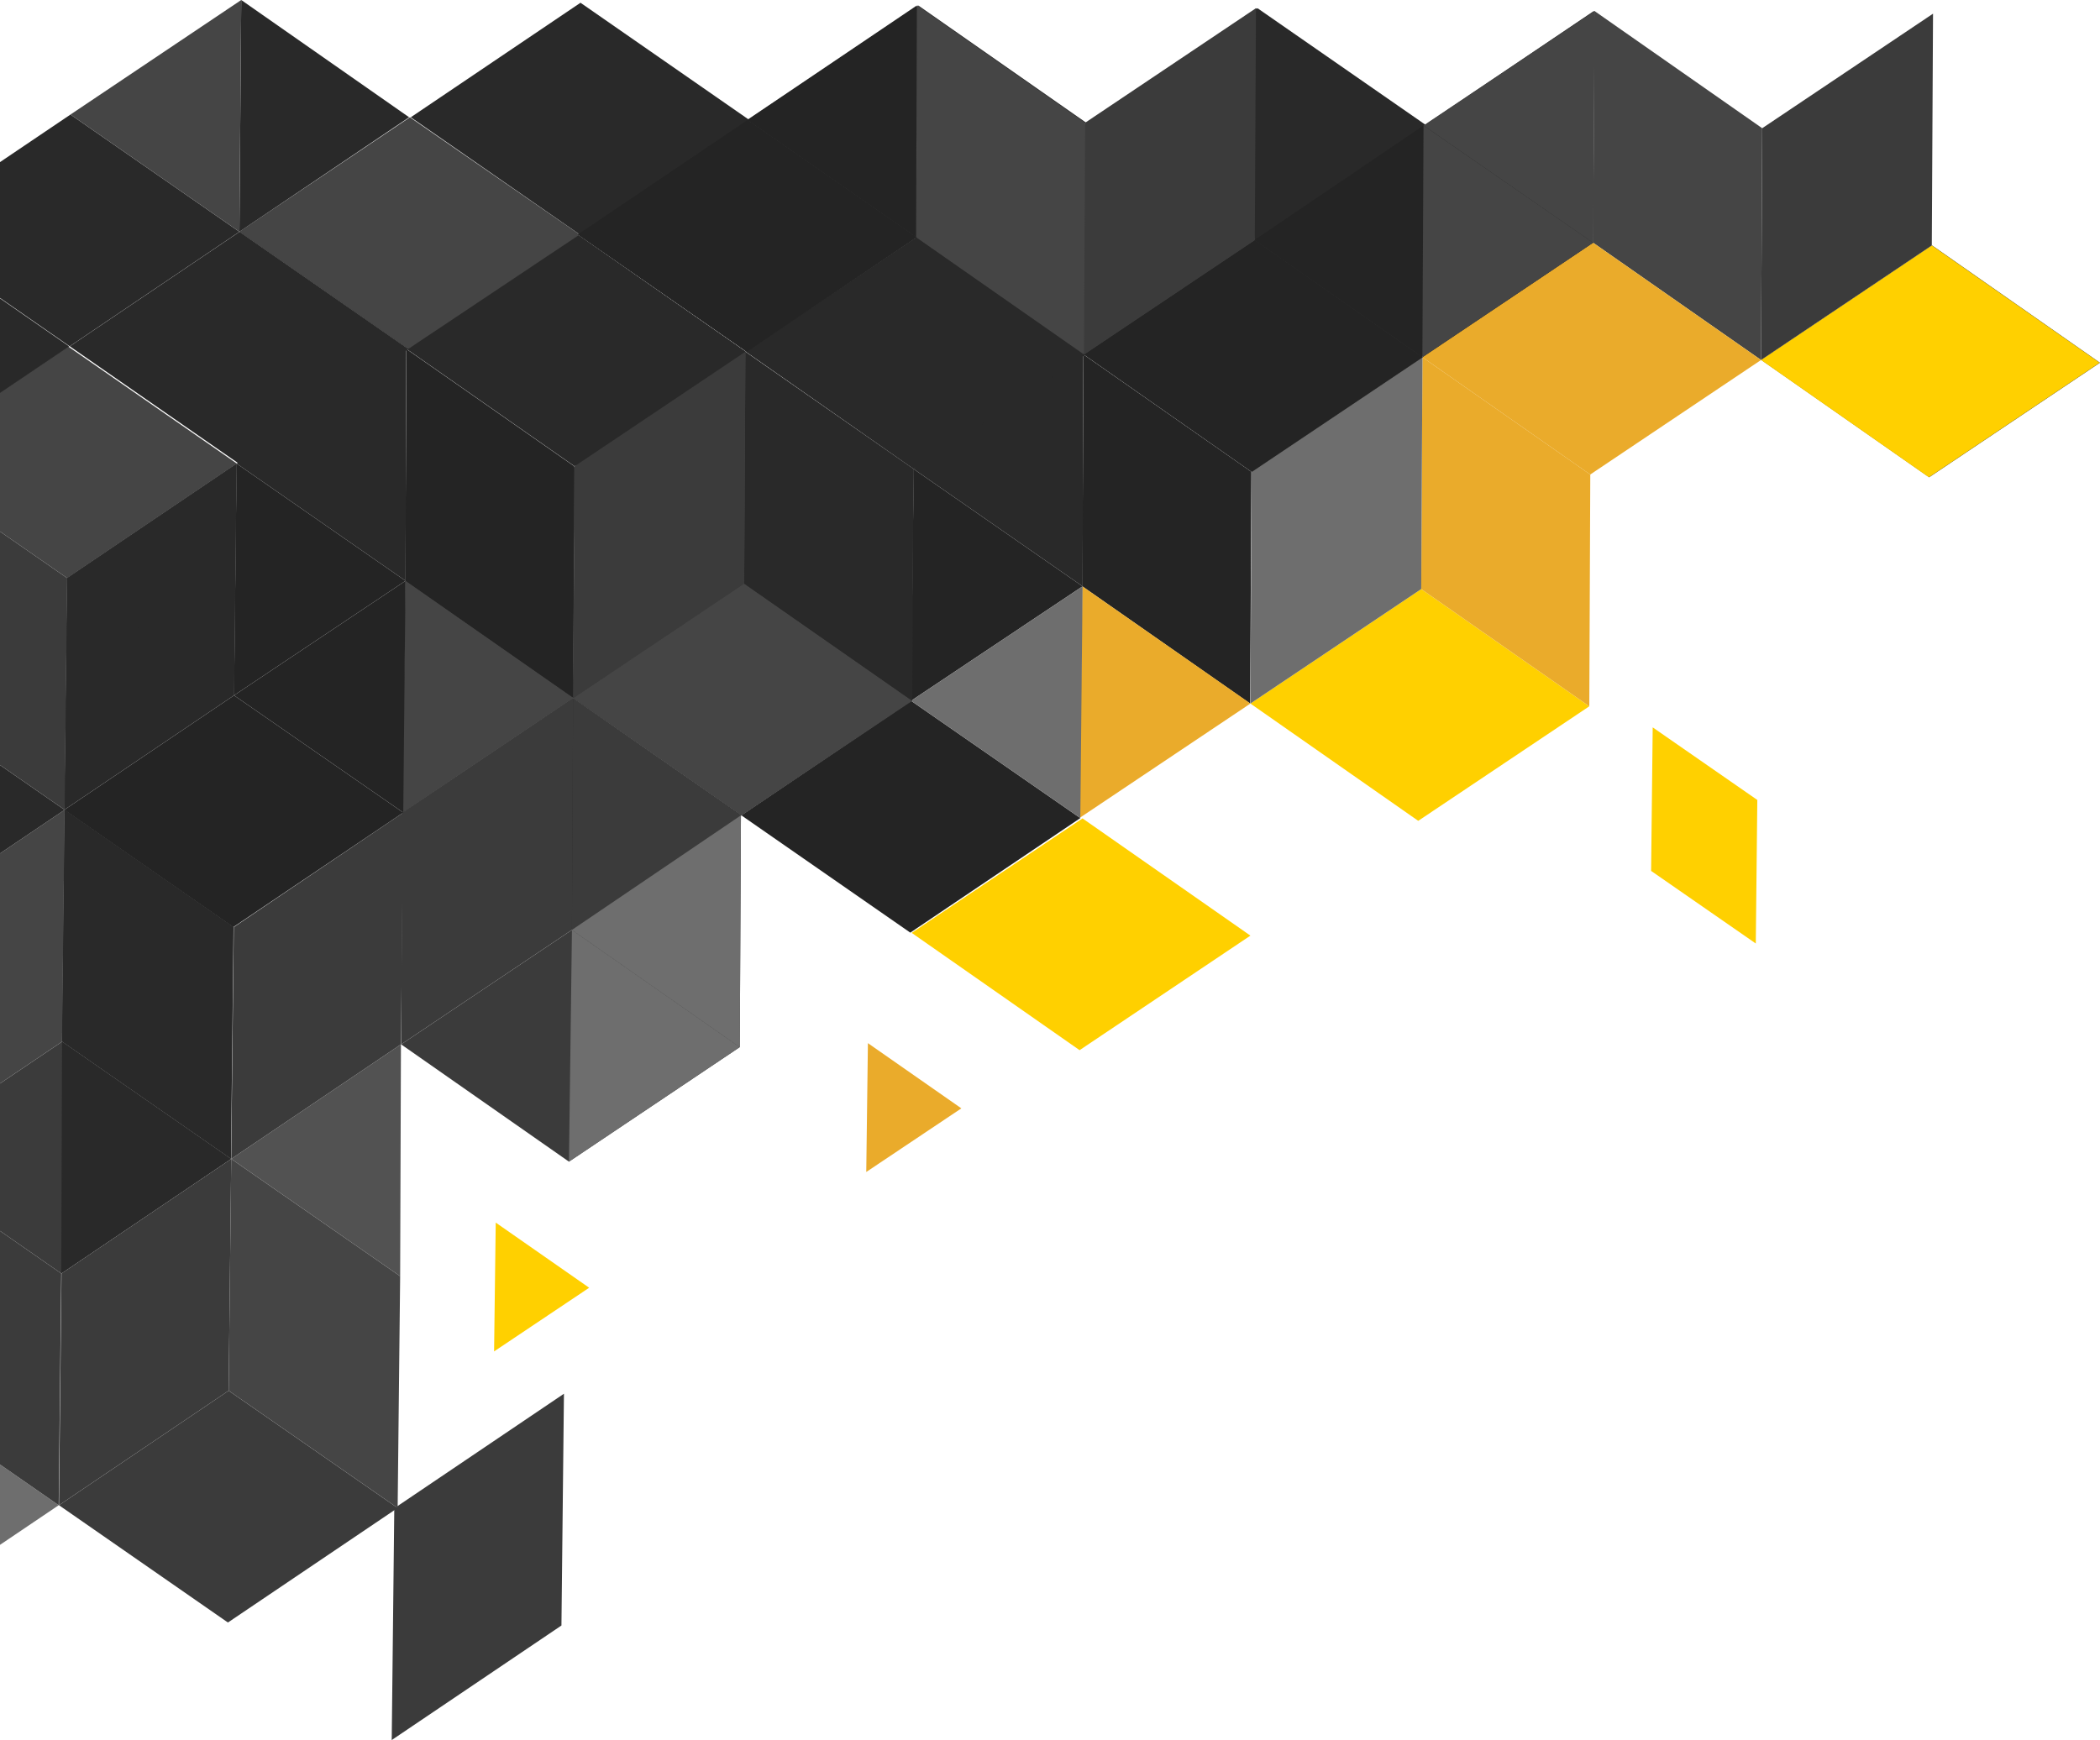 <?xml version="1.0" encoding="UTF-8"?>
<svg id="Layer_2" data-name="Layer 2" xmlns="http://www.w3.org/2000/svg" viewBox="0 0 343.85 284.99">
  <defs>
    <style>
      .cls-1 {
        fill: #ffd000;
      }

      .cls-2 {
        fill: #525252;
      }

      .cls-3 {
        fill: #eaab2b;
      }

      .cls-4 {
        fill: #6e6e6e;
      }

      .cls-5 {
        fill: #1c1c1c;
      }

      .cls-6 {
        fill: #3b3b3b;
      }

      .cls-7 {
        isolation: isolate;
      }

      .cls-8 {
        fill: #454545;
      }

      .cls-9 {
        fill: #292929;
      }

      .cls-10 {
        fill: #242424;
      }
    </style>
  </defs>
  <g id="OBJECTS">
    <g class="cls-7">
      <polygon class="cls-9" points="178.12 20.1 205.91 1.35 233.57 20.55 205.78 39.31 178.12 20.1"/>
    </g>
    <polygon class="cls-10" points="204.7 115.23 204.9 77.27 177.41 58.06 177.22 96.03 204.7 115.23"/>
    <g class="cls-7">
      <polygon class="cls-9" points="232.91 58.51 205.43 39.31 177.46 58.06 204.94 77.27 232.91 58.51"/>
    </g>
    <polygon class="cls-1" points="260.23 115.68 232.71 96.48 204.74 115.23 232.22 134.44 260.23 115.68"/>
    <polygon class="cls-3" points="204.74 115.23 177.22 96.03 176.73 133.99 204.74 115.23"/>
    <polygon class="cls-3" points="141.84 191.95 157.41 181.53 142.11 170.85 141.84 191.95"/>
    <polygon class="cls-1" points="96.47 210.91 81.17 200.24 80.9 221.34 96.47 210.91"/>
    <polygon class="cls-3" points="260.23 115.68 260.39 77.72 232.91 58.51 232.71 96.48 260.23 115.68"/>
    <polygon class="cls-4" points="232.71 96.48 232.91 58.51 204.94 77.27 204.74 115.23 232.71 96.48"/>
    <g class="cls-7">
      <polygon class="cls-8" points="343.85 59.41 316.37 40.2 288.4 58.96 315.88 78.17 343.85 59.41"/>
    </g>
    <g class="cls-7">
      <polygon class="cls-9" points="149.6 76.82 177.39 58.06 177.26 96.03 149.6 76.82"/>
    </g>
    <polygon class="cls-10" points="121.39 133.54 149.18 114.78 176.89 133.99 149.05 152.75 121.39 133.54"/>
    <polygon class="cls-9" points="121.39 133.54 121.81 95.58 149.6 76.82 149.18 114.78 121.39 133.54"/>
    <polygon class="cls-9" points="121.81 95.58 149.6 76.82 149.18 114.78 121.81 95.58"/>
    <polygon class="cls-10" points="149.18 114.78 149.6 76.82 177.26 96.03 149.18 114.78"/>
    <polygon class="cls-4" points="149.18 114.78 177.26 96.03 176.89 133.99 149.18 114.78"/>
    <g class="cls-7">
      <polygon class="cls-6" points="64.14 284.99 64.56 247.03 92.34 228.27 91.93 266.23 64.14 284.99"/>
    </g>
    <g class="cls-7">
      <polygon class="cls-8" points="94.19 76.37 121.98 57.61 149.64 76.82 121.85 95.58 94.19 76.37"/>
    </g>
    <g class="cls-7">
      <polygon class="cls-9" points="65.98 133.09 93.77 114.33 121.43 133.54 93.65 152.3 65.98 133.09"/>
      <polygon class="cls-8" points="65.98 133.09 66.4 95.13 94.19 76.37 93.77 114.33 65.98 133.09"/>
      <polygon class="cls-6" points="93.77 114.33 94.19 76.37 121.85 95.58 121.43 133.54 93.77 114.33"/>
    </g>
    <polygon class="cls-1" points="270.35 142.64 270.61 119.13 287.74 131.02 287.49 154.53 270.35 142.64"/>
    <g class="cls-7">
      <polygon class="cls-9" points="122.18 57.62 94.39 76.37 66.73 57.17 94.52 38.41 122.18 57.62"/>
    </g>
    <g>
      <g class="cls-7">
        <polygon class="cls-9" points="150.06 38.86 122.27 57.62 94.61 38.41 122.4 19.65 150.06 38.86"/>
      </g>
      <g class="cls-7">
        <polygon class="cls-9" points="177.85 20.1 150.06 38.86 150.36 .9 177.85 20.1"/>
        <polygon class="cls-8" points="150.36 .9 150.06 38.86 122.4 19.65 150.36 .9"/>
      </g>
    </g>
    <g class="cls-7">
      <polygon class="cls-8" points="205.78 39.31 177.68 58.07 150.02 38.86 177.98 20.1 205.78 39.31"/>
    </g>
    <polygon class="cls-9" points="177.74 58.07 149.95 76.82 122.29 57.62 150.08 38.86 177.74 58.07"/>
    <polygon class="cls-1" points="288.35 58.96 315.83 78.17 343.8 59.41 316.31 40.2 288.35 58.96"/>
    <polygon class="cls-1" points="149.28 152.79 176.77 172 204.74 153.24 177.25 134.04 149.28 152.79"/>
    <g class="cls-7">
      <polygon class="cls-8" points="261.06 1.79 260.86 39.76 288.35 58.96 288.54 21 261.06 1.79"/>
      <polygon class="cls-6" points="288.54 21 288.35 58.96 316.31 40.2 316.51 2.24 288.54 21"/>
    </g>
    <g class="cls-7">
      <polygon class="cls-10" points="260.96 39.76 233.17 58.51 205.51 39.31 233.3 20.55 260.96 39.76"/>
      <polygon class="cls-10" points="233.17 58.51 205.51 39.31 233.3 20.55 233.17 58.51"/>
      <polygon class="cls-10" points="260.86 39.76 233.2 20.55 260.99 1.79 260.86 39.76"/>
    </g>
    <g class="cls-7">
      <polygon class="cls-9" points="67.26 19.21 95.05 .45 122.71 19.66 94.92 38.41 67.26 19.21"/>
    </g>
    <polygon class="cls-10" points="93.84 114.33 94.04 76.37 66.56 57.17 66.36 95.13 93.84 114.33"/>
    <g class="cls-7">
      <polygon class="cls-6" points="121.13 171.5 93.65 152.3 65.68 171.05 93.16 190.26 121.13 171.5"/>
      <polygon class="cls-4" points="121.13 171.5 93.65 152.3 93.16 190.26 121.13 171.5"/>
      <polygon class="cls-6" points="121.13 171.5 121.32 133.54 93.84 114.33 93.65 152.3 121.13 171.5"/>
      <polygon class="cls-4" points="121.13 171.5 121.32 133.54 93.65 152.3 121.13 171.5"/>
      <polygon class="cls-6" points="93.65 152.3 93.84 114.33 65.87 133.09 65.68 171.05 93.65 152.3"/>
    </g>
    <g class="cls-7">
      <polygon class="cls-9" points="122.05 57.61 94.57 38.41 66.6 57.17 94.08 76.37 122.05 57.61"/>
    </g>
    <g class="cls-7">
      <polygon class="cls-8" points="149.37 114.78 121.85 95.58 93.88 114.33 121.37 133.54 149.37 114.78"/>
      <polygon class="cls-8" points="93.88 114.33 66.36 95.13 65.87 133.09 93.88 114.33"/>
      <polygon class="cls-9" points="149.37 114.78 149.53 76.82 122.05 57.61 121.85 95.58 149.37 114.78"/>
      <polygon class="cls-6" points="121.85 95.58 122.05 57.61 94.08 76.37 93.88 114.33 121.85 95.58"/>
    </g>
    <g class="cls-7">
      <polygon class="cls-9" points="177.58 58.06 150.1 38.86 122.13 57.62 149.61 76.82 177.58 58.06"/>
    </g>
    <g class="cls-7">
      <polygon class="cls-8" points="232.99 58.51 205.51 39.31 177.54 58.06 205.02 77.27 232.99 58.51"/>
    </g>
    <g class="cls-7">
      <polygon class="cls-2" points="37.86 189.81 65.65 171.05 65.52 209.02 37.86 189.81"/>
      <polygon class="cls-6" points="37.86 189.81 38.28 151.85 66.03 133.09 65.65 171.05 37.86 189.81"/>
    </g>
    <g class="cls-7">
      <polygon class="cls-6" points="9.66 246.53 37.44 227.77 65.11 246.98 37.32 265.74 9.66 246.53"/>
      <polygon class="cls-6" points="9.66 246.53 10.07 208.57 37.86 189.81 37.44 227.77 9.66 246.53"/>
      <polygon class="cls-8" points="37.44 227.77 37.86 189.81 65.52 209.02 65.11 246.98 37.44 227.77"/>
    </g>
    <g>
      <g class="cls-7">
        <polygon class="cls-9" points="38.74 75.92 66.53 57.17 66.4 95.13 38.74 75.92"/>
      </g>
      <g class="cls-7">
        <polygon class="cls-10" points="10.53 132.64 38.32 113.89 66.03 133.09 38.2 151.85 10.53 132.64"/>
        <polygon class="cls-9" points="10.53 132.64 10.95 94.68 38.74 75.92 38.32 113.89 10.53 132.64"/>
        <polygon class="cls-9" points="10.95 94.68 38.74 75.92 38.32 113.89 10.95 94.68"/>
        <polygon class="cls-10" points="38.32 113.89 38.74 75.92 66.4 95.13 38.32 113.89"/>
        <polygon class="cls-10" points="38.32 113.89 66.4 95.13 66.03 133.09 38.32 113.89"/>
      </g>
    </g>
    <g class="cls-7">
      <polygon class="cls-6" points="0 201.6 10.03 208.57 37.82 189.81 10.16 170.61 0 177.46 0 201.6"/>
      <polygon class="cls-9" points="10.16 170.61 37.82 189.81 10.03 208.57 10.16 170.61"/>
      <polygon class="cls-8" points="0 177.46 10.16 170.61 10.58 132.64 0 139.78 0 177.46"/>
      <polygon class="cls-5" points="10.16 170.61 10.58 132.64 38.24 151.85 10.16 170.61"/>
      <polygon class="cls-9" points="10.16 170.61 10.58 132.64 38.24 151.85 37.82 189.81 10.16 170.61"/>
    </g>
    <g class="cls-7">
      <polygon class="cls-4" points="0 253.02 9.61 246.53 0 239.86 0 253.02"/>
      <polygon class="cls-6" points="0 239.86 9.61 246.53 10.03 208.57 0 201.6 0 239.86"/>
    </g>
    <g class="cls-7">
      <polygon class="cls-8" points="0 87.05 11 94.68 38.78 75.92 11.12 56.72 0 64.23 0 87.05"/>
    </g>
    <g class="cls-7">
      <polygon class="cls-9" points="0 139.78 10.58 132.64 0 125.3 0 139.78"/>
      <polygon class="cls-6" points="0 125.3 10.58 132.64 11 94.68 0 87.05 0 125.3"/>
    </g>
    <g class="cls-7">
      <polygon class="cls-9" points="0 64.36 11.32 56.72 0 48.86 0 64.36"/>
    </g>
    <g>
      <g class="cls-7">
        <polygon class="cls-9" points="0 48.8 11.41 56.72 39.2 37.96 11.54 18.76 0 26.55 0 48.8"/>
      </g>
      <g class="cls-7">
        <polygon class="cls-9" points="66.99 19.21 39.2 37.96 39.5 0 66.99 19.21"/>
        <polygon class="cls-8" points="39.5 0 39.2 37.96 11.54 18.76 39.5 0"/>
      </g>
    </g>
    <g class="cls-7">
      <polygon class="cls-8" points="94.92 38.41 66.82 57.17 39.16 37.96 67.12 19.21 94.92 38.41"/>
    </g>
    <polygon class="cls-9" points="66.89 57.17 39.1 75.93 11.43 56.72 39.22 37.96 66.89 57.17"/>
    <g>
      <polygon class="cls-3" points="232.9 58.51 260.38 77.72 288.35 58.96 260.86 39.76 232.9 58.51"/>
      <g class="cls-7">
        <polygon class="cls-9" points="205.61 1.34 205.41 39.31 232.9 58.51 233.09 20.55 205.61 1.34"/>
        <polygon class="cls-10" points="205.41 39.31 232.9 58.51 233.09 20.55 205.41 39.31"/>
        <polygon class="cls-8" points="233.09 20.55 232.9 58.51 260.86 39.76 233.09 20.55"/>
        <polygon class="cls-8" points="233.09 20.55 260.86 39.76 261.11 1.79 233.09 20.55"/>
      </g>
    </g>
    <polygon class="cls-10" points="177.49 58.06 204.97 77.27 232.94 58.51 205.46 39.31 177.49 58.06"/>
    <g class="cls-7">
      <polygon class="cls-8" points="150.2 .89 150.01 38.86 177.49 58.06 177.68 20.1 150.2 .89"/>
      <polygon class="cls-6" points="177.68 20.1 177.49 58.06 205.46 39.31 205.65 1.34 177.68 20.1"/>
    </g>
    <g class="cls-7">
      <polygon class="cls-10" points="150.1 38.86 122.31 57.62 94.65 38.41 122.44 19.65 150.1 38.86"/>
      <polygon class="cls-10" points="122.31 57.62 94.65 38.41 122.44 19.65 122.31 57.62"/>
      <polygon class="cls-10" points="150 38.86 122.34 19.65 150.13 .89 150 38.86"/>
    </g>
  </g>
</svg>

-*-

Problem
How many lines in the listing above contain "fill"? Answer with the number alone.

Answer
9